= Korean heroic novels =

In classic Korean literature, a heroic novel is a novel that tells the life story of a hero who is born of noble blood under unusual circumstances, is abandoned or leaves home and struggles in suffering circumstances, and eventually becomes a winner.

== Plot ==
Jo Dong-il argues that classic Korean novels stemmed from four different types of folktales: life and spirit (myeonghon) tales (about a man falling in love with a dead woman), dream (mongyu) tales (about what happened in a dream), unrecorded (ilsa) tales (about an extremely talented person who does not accomplish anything notable and ends up disappearing without a trace), and heroic (yeongung) tales (about the life of a hero). The four different types of Korean novels came to be: life and spirit (myeonghon) novels, dream (mongyu) novels, unrecorded (ilsa) novels, and heroic novels. Among them, heroic novels refer to works that are structured to tell life stories of heroes. A typical life story of a hero is developed in the following form: the hero 1) is of noble blood, 2) conceived or born under unnatural circumstances, 3) has great skills unlike other ordinary people, 4) is abandoned and nearly killed, 5) meets people who can raise him and thus avoids getting killed, 6) grows up and faces a crisis, and 7) struggles through the crisis to ultimately become the winner.

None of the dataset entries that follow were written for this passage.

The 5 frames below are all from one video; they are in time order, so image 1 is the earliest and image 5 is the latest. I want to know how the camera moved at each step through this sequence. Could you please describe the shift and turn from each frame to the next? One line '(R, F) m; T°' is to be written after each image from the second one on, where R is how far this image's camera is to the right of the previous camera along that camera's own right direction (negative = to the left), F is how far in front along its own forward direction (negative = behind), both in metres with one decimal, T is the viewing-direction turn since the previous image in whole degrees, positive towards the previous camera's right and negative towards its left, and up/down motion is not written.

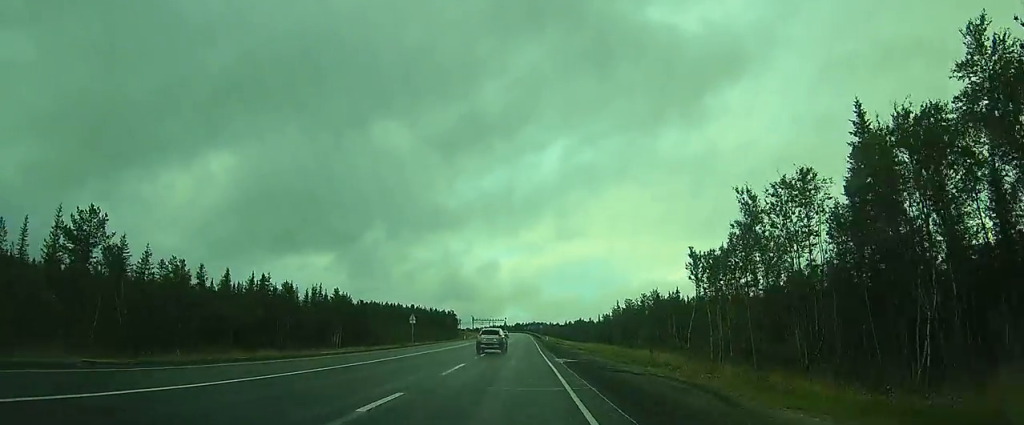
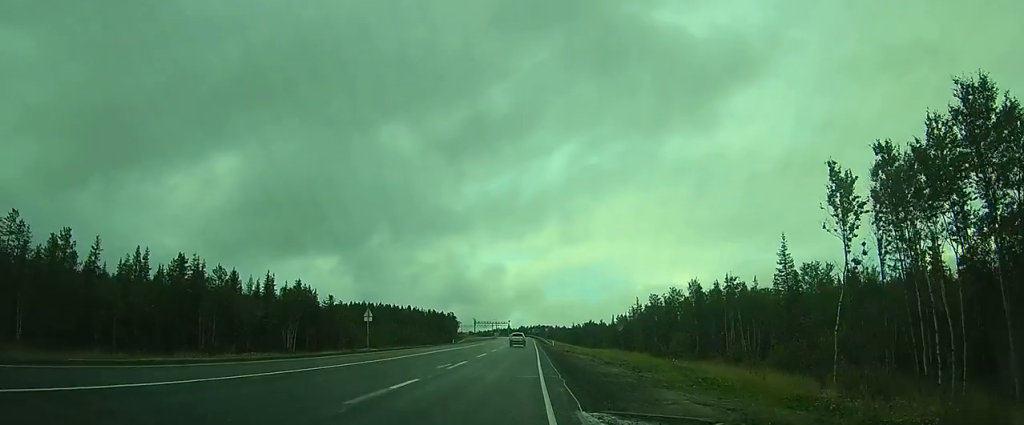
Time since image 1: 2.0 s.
(+0.2, +24.9) m; +1°
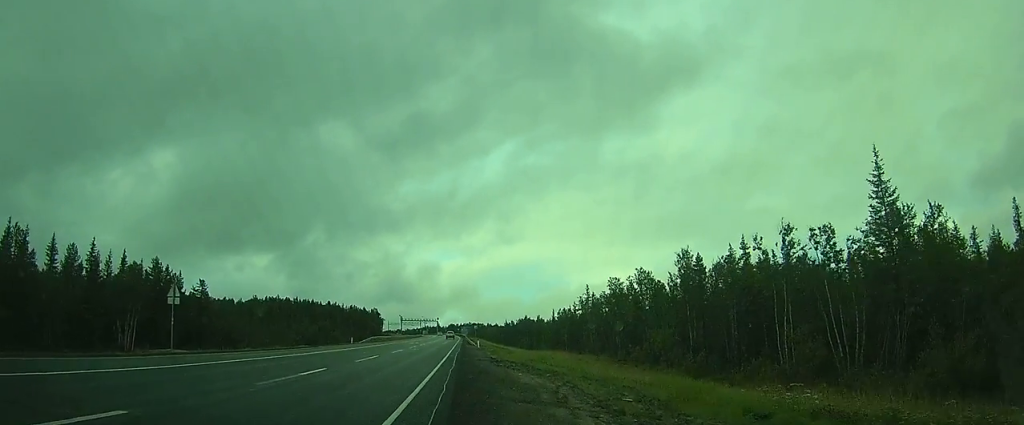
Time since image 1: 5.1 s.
(+1.3, +28.0) m; +5°
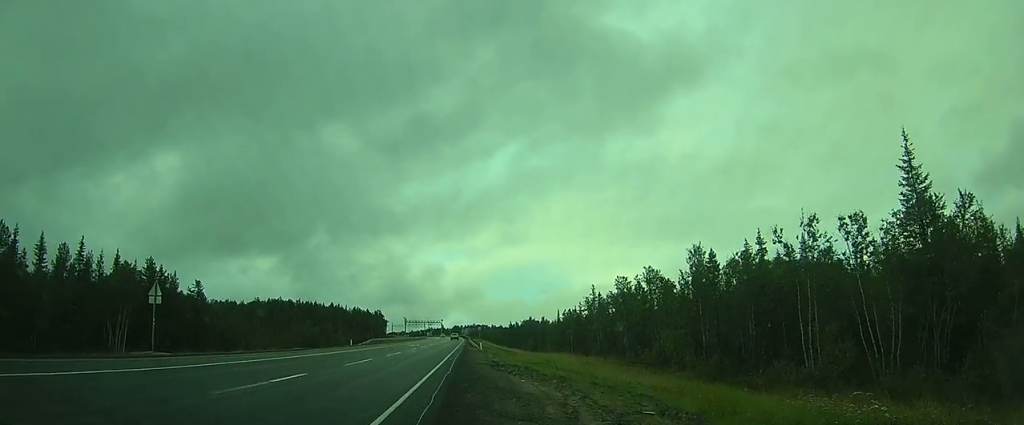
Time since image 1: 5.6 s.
(0.0, +3.2) m; 0°
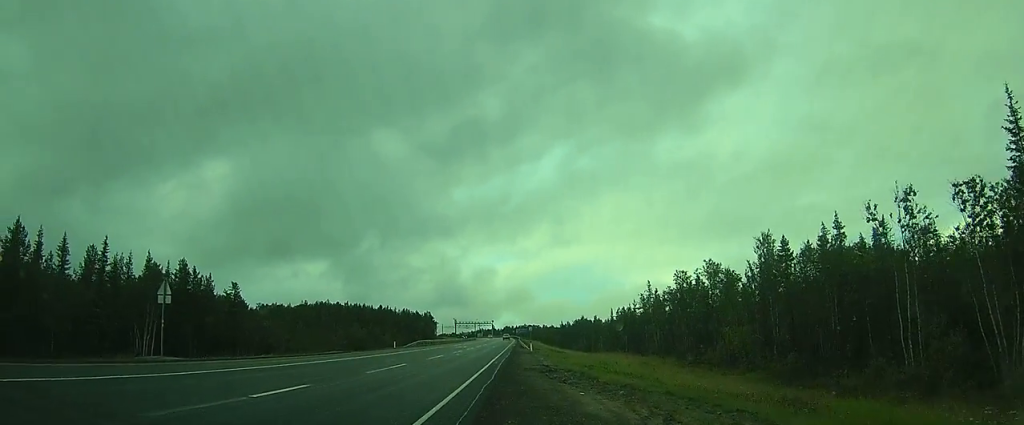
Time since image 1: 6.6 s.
(0.0, +5.5) m; 0°

Jo believes that Korean heroic novels share the same structure as ancient myths about the lives of the founders of state, such as the Myth of Jumong. Stories that were passed down to younger generations became novels, starting with the Hong Gildong-jeon (洪吉童傳 The Story of Hong Gildong), which became the first Korean classic novel with a heroic narrative. Various heroic novels were written in the late Joseon dynasty, and they came to be at the heart of the history of Korean novels, according to Jo. Of the four different types of the early Korean novels, Jo argues that heroic novels—the life stories of heroes, which have long been passed down from the ancient myths—came to be central to Korean literature.

He asserts that the mythological ability of the self gradually came to an end, as we went from the myths of the founding of the state to Hong Gildong-jeon and later heroic novels. In other words, as myths became novels, the genre of heroic novels became more developed, replacing the “mythological characteristic of the self” with the idea of using ordinary people in our daily lives as the main character.

Jo classifies heroic novels into three groups depending on the degree of “mythical abilities” of the heroes. He estimated the first group to have been written in the mid-to the late-17th century, consisting of Geumbangul-jeon (金鈴傳 Tale of the Golden Bell), Yang Pung-jeon (楊豊雲傳 Tale of Yang Pung), Sukhyang-jeon (淑香傳 Tale of Sukhyang), Sodaeseong-jeon (蘇大成傳 Tale of Sodaeseong), and Kuunmong (九雲夢 Dream of the Nine Clouds). The second group consists of Jo Ung-jeon (趙雄傳 Tale of Jo Ung), Yu Chungryeol-jeon (劉忠烈傳 Tale of Yu Chungryeol), Hyeon Sumun-jeon (玄壽文傳 Tale of Hyeon Sumun), Hwang Un-jeon (黃雲傳 Tale of Hwang Un), and Yi Daebong-jeon (李大鳳傳 Tale of Yi Daebong), which were estimated to have been written between the late 17th century to the early 18th century. The last group, in which the “mythological ability” of heroes have nearly vanished, were estimated to have been written in mid-18th century or later and consists of Jang Pungun-jeon (張風雲傳 Tale of Jang Pungun), and Jang Gyeong-jeon (張敬傳 Tale of Jang Gyeong). In terms of time periods, Hong Gildong-jeon marks the very beginning of the heroic novels, and the time of creation of later heroic novels were estimated depending on the degree of the heroes’ “mythological abilities.”

== Features and Significance ==
Heroic novels account for a considerable portion of classic Korean novels, and the theory of heroic novels had a huge influence on the study of Korean literature as an important theory that supports the basic composition of the history of classic Korean novels. For instance, many scholars viewed Hong Gildong-jeon as an imitation of the Chinese novel Suho-jeon (水滸傳 Outlaws of the Marsh) in the past, but now it is generally considered the first Korean heroic novel. This is an interpretation that sees Hong Gildong-jeon as a link between the Korean founding myths and the heroic novels of the late Joseon dynasty.

Later scholars slightly changed the basic type of heroic novels or created subtypes that belong under the umbrella of the basic type to systematically categorize the numerous classic Korean novels. The concept of heroic novels is also closely linked to the heroic novels that feature female protagonists.

At first, heroic novels included a broad range of works including Kuunmong and Sukhyang-jeon, but the scope of the genre has narrowed gradually to focus on “heroes” that represent a group of people. Currently, there is a considerable overlap between war story (gundam) novels, such as Sodaeseong-jeon, Jo Ung-jeon, Yu Chungryeol-jeon, and heroic novels, and there have been active discussions on defining the concepts of heroic novels and of war story novels.